La ambición del gobierno argentino, de cara a un acuerdo de tres años, es un roll over, postergación de pagos por el plazo total del convenio. “No pedimos plata fresca –comenta Lavagna a su gente–, es un acuerdo inusual y se va a cerrar”.
El optimismo, valga enmarcarlo, es “dentro de lo que hay”. Las libras de carne, ay, siempre existen. Una de ellas es el aumento de tarifas, suculento cabrito en el altar del G-7 que por un lado presiona a Köhler para que acerque posiciones con Argentina y al unísono aprieta a ésta para que mejore la posición de las privatizadas de servicios públicos. El otro es, que aun mediando alguna postergación de pagos, mediará una exigencia de un superávit primario fenomenal. Un 3,5 del PBI, guarismo bastante inferior al ofrecido por Lula, implica algo así como un 25 por ciento del presupuesto anual de un país agobiado por la pésima distribución de la riqueza. Un freno al crecimiento cabal y uno aún mayor a algo parecido a la justicia.
Un banco ahí, por favor
Los titulares del Central y de Hacienda tienen más coincidencias de fondo que las que suele registrar la comidilla cotidiana, situación que Lavagna generó a pulso “cargándose” a los dos precursores de Prat Gay. Como fuera, puestos a discutir la situación del sector financiero, tocaron la misma partitura. También lo hizo la titular del Banco Nación, Felisa Miceli, quien defendió en cara de Köhler el rol de la banca pública. Postura verbal que fue robustecida con el lanzamiento, coincidente con la partida del alemán, de una línea de créditos para vivienda. La banca pública debe prestar, pontifica Lavagna, a condición de tener reservas y management. El Nación, se precia, tiene ahora una línea bien profesional y resto. Puertas adentro de su despacho, Lavagna reconoce que no toda la banca pública está en similar condición. También registra que el ánimo social sigue caído y que no será sencillo conseguir demanda para esa oferta.

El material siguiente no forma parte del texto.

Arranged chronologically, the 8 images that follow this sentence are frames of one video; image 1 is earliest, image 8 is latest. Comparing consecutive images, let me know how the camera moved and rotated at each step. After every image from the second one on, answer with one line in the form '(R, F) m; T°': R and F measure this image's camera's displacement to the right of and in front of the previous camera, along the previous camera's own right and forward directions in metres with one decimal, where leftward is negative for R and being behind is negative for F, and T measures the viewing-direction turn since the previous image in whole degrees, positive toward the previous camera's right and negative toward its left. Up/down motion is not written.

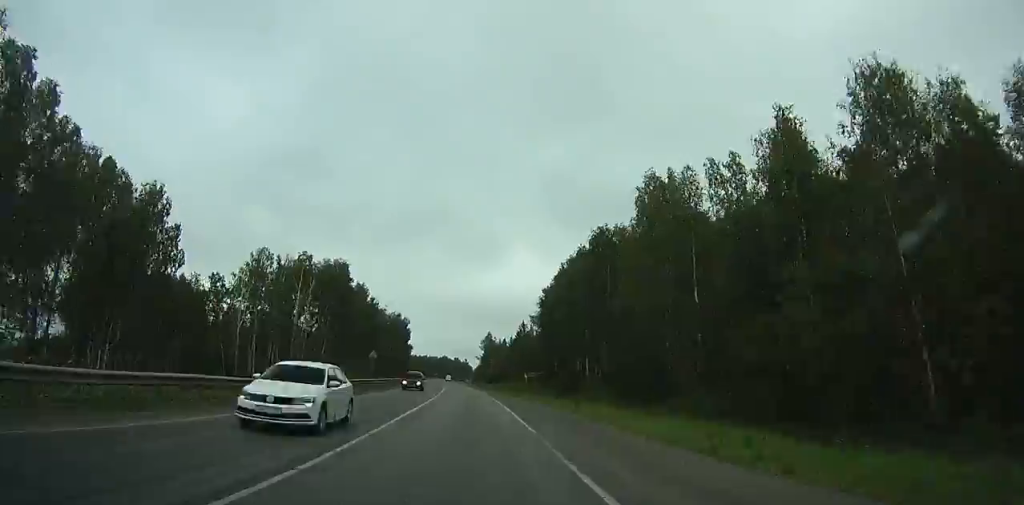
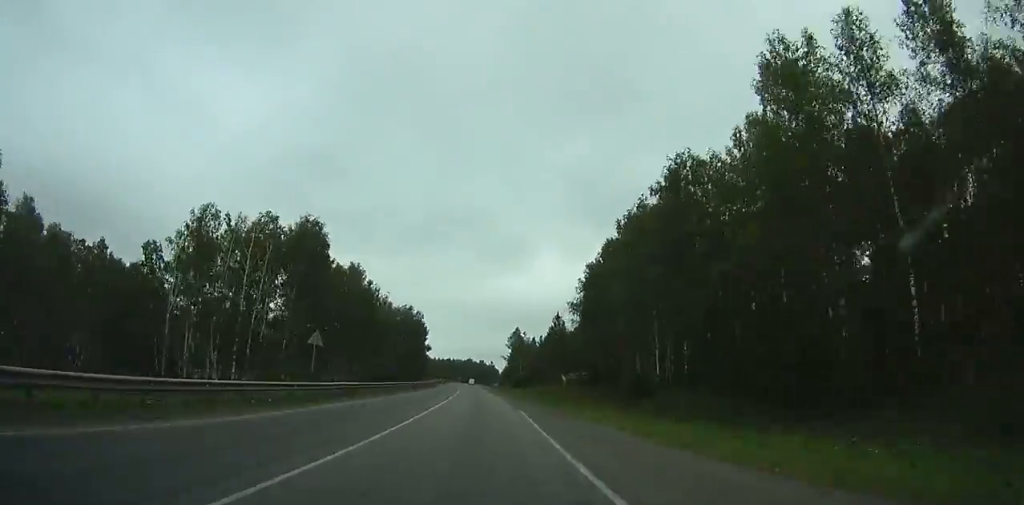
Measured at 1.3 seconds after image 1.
(-3.7, +25.0) m; -4°
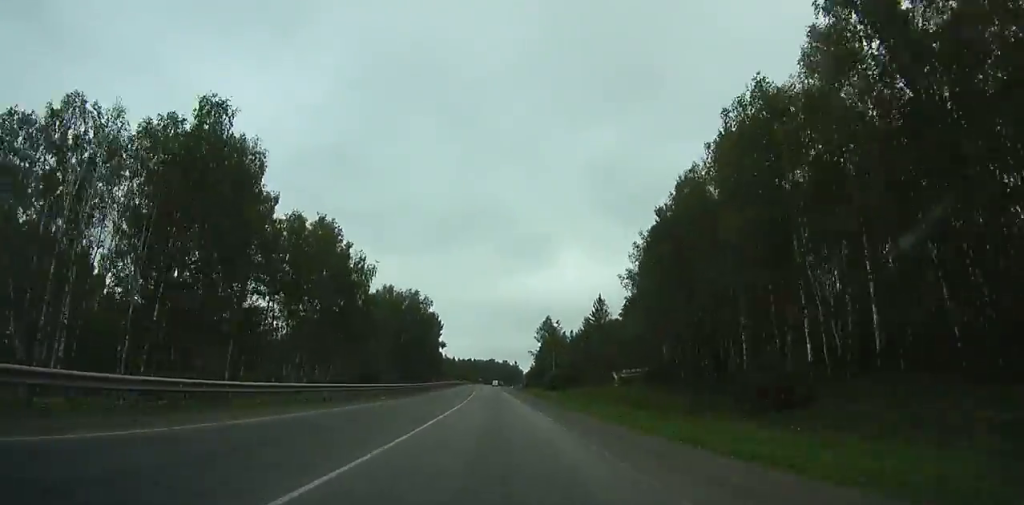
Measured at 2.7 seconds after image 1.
(+3.3, +27.0) m; +4°
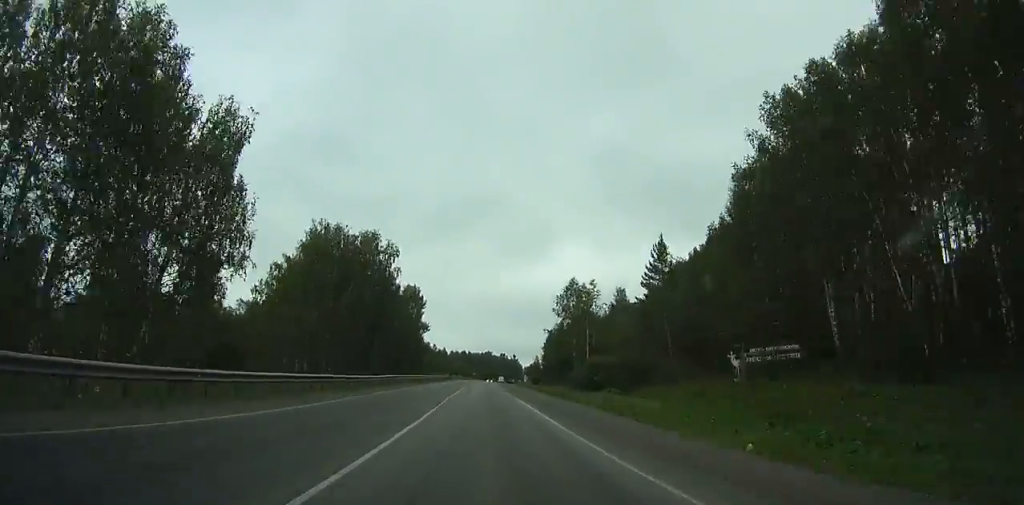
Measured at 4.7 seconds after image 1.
(+2.2, +38.7) m; +3°
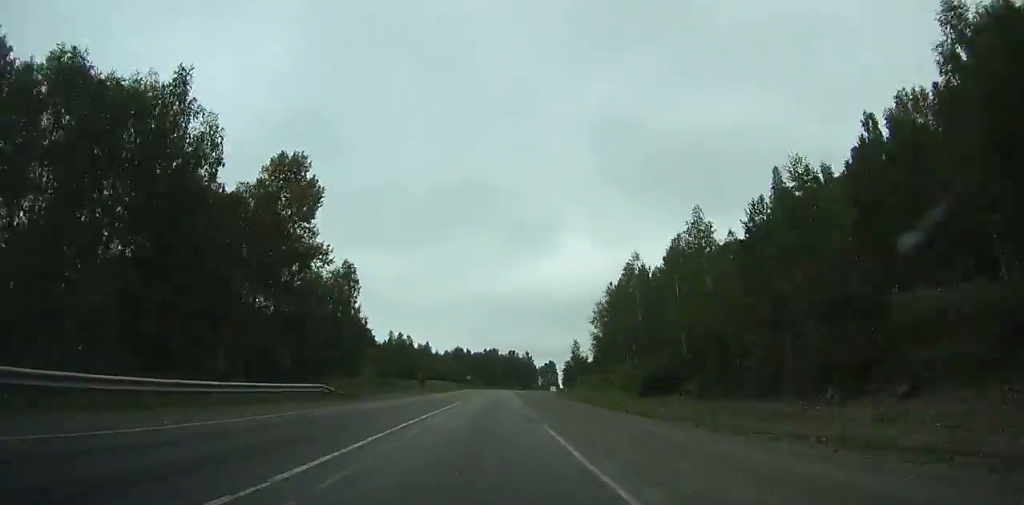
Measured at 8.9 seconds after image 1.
(-0.5, +81.4) m; 0°
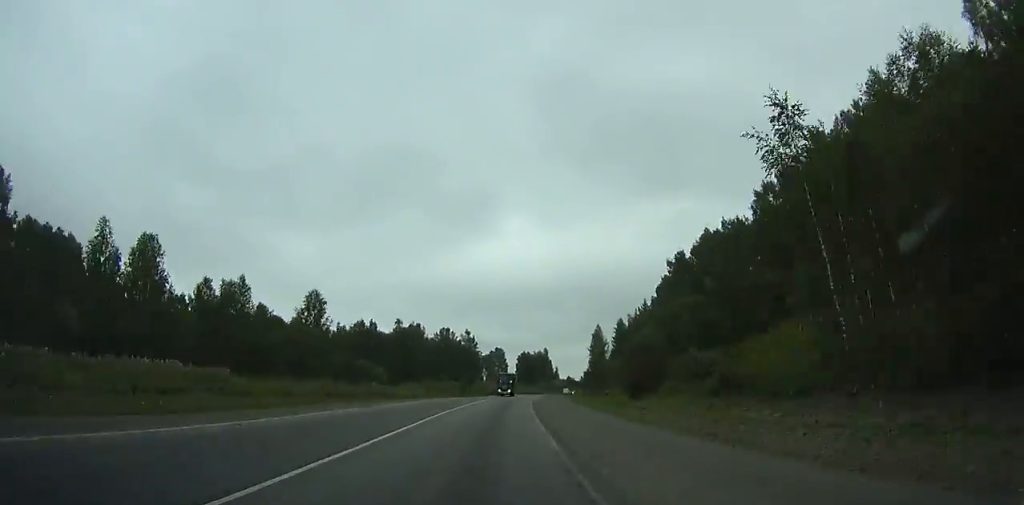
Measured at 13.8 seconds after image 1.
(+2.4, +96.1) m; +5°
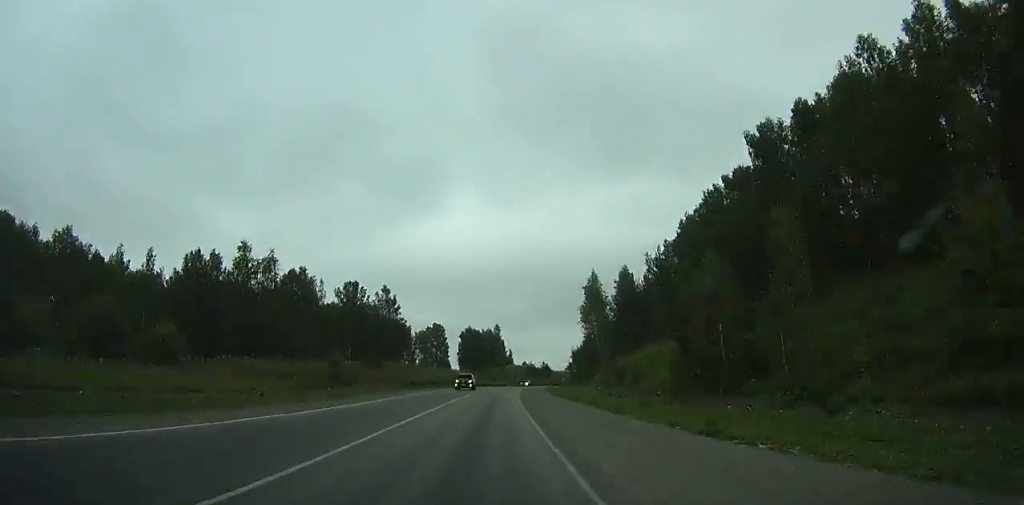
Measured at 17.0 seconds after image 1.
(+3.2, +64.1) m; +5°
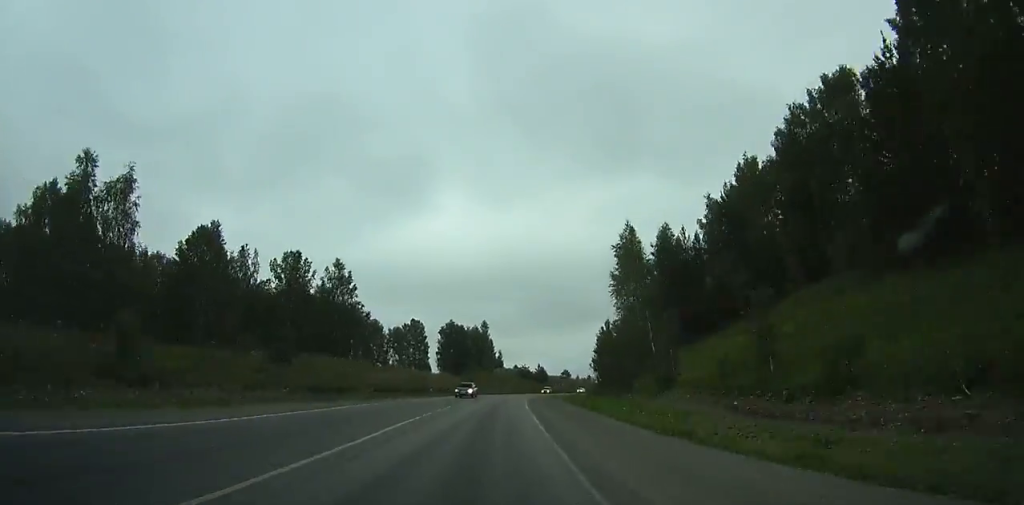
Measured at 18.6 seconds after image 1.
(+1.2, +32.6) m; +2°

Prat Gay, a su vez, cuestionó los embates del FMI tendientes a ajustar el sector. “No sobran bancos, faltan negocios” afirmó y explicó que en los ‘80 había menos plata en danza y más entidades en plaza. Es real, los bancos atesoran cuantiosas reservas que no prestan, esperando a vaya usted a saber a qué Godot. Los popes de la city alegan que esperan la compensación por la pesificación asimétrica, pero ese montante (que podría llegar a 10.000 millones) es casi irrisorio si se lo coteja con su patrimonio. Una mirada suspicaz podría maquinar que los banqueros se sientan sobre su plata en plan de apretar al Gobierno. “Es una mirada conspirativa, que le atribuye excesiva astucia al sector. Mejor piense que son malos empresarios, sin creatividad ni reflejos” le sugiere una alta voz del equipo económico al Gobierno. Para catalizar al sector el Central sigue bajando las tasas de interés pero, hasta ahora, el monstruo no reacciona. “La banca privada no puede sobrevivir sin dar crédito. Podrían hacerlo los bancos extranjeros, cubrirse y zafar por un tiempo, pero los nacionales...” describen en Economía. “Lo de ustedes no es autoconservación sino autoflagelación” los regañó alguna vez el Central pero el pescado sigue sin venderse, lo que retrata no sólo el patriotismo sino la idoneidad de los dueños del capital en estas latitudes.
A un año
Se cumplió un año del asesinato de los pibes Maximiliano Kosteki y Darío Santillán cometido por la Policía Bonaerense y alentado por un clima de fronda creado desde el poder político de entonces. Las responsabilidades penales del caso se tramitan morosamente y dejan dudas. Las políticas y las morales deberían ser recordadas y revividas siempre. No fue la menor los embustes canallescos ulteriores a los homicidios tendientes a inculpar de ellos a las propias víctimas. Artificios que, valga recordar, fueron desbaratados por la valiente actitud de profesionales de la información y algunos medios.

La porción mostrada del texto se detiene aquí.